Banks are not ideologically opposed to defence: they are structurally misaligned with its financing needs. Many emerging firms in frontier technologies, and those further down the supply chain, are treated as high-risk outliers and often shut out entirely.
Yet equity interest is surging: venture capital into European defence startups rose tenfold from $62 million (£46 million) in 2022 to $626 million (£468 million) in 2024. The DSR Bank would help reprice this risk by passing on its AAA borrowing cost to both firms and nations with lower ratings.
A third imperative is industrial readiness. Europe and the UK must not only produce more today but be prepared to surge production tomorrow. Yet building latent capacity – factories, tooling, long-lead inventory – is difficult to justify within annual fiscal cycles. The DSR Bank could directly hold such assets on its own balance sheet, giving governments the headroom to rearm without immediately increasing public debt. This is not a subsidy. It is a strategic investment in resilience.
Britain is a financial superpower. But it has yet to apply that ingenuity to one of its most urgent national priorities. A DSR Bank, backed by the UK's financial expertise and Europe's institutional heritage, would show that Britain can lead not only in contracts and commitments, but in capital.
This is not without precedent. The post-war institutions of European recovery – the European Investment Bank, the European Coal and Steel Community, and their British equivalents – rebuilt prosperity through shared tools and pooled risk. The logic of the DSR Bank is no different.

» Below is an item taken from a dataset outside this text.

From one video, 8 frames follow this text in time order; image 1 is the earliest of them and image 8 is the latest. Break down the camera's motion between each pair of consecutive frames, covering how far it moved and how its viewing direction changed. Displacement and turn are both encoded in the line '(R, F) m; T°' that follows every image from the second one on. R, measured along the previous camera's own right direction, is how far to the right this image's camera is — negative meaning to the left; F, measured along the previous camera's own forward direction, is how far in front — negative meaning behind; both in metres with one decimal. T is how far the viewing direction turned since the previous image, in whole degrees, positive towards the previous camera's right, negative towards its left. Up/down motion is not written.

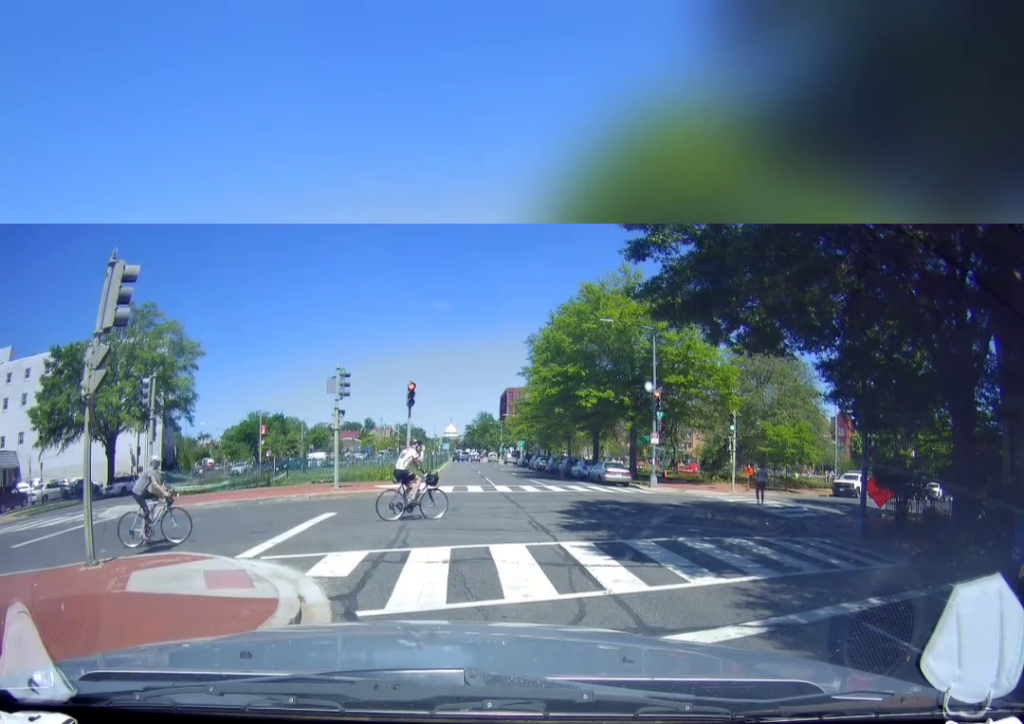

The political groundwork is already in place. The London summit marks a reset in UK–EU cooperation on defence and resilience. But if rearmament is to lead to renewal, we must go further. Establishing the DSR Bank as an outcome of the UK–EU Defence Pact would send a powerful signal: that the UK, Europe and their partners are ready to treat defence as a shared economic endeavour rather than a national burden.